2) The current best estimate for the TFR for French Muslims is about 2.8. (TFR is the number of children per woman. A TFR of about 2.1 means zero population growth.) This number has been falling steadily for the last few decades; it’s expected to drop to 2.4 in the 2020s and to approach 2.1 sometime in the 2030s.
Note that the overall TFR for France is a bit over 2. So, while Muslims are a bit more fertile, on average they’re just having about 3/4 of a kid more than their native French neighbors.
3) Is a TFR of 2.8 higher than in North Africa? Well, it depends on what you mean by “North Africa”. Tunisa is around 2.4 right now. Mauretania is around 4.3. Algeria, the figures are disputed; the high figure is around 2.8, while the low is around 2.4. And Tunis is at 1.9 — below replacement!
Note that most French Muslims come from Algeria. And both the French Muslim and Algerian TFRs are unclear — you’re comparing an estimate (“around 2.8, give or take”) to a disputed figure (“some say 2.8, some say 2.4”). So that throws this quote into bullshit territory right there. But what the hell. Let’s say that in some cases, yes, the birth rate for French Muslims of North African descent is higher than for their cousins who stayed home. But this isn’t because the birth rate for French Muslims is all that high — it isn’t. (2.8 and falling is about the birthrate for Israel, Belize, or that famously overpopulated hellhole, Paraguay.) It’s because the birthrates in the Maghreb (North Africa minus Libya and Mauretania) have fucking crashed in the last 15 years. Moroccans and Algerians are having a lot fewer kids, and Tunisians are having so few kids that their population is going to start declining if they don’t turn it around.
This is a meme pumped out by Muslim-phobes who want to project an image of DANGEROUS BROWN PEOPLE PUMPING OUT BABIES. It’s bullshit. Push back.
Doug M.
Just saw this comment.
A few days ago I had a whole discussion about the immigrant share of Moscow. He insisted it was 50%. The statistics say 90%.
The statistics are wrong, of course, but 50% is way too low too. I estimate 70% or 80%. It should be noted that Gastarbeiters tend to work in very “visible” fields like market stalls, shops, construction sites, etc; whereas Russians will be sitting in offices more frequently.

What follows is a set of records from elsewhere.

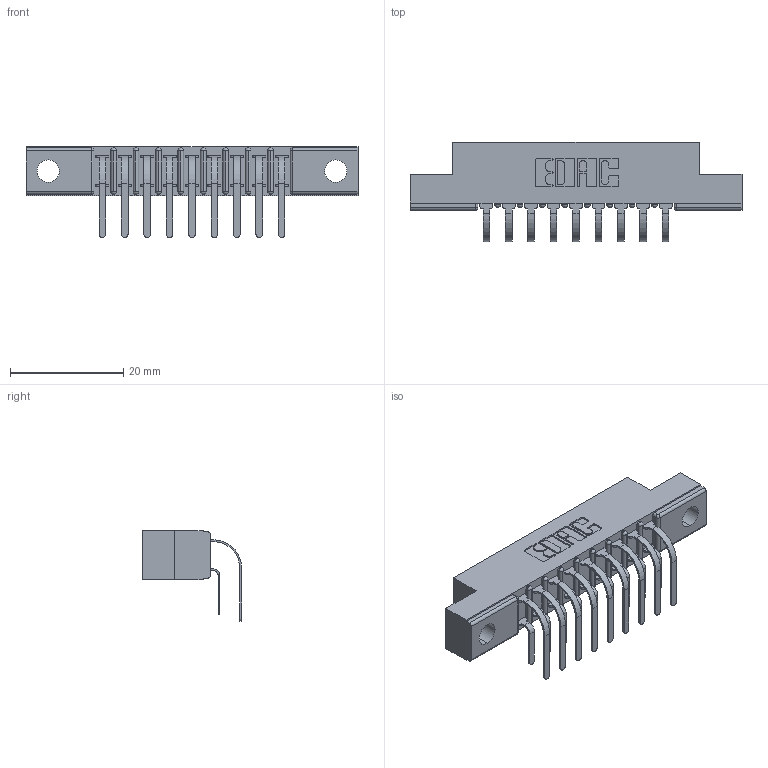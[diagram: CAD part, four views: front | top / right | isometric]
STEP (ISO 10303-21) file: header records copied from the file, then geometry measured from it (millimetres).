
FILE_DESCRIPTION (( 'STEP AP203' ), '1' );
FILE_NAME ('357-018-459-204.STEP', '2022-07-08T01:08:46', ( '' ), ( '' ), 'SwSTEP 2.0', 'SolidWorks 2020', '' );
FILE_SCHEMA (( 'CONFIG_CONTROL_DESIGN' ));
Length unit declared in the file: inch
Products named in the file (4): 307-290-001_558 559 - 1 (Single); 307-290-001_559 - 2 (Single); 357-018-459-204; 307 Part_.156 Dia Mounting Holes
Assembly tree (19 placements, depth 2):
  357-018-459-204
    307 Part_.156 Dia Mounting Holes
    307-290-001_558 559 - 1 (Single)  x9
    307-290-001_559 - 2 (Single)  x9
Bounding box: 58.67 x 17.51 x 16.08 mm (x, y, z)
Volume: 3801.1 mm3; surface area: 6300.8 mm2
Topology: 19 solids, 19 shells, 1042 faces, 2915 edges, 1890 vertices
Faces by surface type: plane 678, cylinder 344, sphere 20
Entity records: 13937 total; most frequent: CARTESIAN_POINT 2297, ORIENTED_EDGE 2270, DIRECTION 2255, EDGE_CURVE 1135, VECTOR 863, LINE 863, VERTEX_POINT 738, AXIS2_PLACEMENT_3D 696

This means that one must take care to account for these biases before making definitive judgments based on what one sees. Though of course the immigrants are a real phenomenon and I fully expect Moscow to follow the Parisian model in which the current poorer working class areas become replaced with immigrants, while natives gather into their own clusters.

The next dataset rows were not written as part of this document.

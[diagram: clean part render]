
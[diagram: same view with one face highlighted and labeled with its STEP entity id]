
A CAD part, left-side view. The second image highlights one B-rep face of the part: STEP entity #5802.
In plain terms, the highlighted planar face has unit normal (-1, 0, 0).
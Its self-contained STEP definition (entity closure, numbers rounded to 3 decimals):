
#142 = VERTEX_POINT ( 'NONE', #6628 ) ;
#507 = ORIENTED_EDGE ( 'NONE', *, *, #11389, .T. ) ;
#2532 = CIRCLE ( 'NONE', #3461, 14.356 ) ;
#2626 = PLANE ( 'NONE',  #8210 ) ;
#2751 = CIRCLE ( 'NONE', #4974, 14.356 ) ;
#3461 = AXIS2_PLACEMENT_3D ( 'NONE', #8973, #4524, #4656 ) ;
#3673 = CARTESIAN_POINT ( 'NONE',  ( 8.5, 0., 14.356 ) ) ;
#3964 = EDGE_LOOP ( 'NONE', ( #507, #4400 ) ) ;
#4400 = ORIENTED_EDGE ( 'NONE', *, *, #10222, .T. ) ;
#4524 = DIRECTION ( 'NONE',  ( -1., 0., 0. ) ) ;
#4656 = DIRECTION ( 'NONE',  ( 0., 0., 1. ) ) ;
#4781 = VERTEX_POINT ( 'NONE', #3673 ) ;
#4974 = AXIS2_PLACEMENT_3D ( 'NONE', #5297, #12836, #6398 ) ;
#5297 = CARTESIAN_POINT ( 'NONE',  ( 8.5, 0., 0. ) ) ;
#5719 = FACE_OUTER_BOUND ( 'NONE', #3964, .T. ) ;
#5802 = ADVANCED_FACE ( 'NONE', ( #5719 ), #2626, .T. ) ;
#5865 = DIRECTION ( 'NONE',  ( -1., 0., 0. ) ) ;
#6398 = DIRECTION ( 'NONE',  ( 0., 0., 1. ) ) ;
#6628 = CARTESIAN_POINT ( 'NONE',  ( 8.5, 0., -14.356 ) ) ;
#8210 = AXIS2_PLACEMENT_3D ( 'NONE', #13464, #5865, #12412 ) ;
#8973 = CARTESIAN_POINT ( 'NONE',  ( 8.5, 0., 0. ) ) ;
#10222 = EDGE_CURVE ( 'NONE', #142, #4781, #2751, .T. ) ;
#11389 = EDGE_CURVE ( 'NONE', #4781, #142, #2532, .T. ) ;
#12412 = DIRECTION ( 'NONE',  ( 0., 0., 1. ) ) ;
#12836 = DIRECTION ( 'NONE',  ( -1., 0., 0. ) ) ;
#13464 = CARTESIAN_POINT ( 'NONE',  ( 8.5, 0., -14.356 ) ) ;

A word on delayed births. The formal term for this is “tempo effect”.
A key fact: over the last century or so, the general trend in developed and middle Income countries has been for ever-rising maternal age. Older mothers, yeah? Like a lot of demographic trends, we see this at its extreme in Europe, where the average mother of a new baby is a woman in her 30s. But the trend is worldwide and long term. There have been a few exceptions — during the postwar baby boom in the West, maternal age dropped for a while — but so far, they’ve all been temporary blips; the general trend has been firmly unidirectional.

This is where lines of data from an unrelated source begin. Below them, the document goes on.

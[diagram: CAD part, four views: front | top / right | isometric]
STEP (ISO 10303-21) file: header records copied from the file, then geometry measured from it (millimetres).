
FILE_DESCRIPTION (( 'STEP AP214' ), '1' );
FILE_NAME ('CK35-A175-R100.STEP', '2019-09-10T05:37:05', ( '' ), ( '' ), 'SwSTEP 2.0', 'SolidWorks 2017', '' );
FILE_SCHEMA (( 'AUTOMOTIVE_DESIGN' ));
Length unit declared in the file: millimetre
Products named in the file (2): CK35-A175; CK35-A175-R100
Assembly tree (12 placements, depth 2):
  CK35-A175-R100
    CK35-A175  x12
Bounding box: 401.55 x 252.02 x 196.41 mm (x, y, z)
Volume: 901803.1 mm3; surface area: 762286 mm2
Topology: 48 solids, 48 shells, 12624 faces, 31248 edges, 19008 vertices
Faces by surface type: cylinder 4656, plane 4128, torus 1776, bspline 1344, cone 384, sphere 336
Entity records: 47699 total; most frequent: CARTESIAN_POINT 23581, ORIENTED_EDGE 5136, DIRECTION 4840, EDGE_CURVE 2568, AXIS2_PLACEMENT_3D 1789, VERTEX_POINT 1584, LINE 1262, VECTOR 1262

What this means: in demographic terms, it helps to think of tempo as a sort of fund of capital that a country has. If your women are having kids at age 22, they have a lot of leeway. They can choose not to have kids today, wait three or five or seven years, and have the kids later when conditions are more favorable. It won’t be any big deal. You’ll see a temporary drop in the birthrate, but you’ll make it up. You can spend that tempo capital, as it were.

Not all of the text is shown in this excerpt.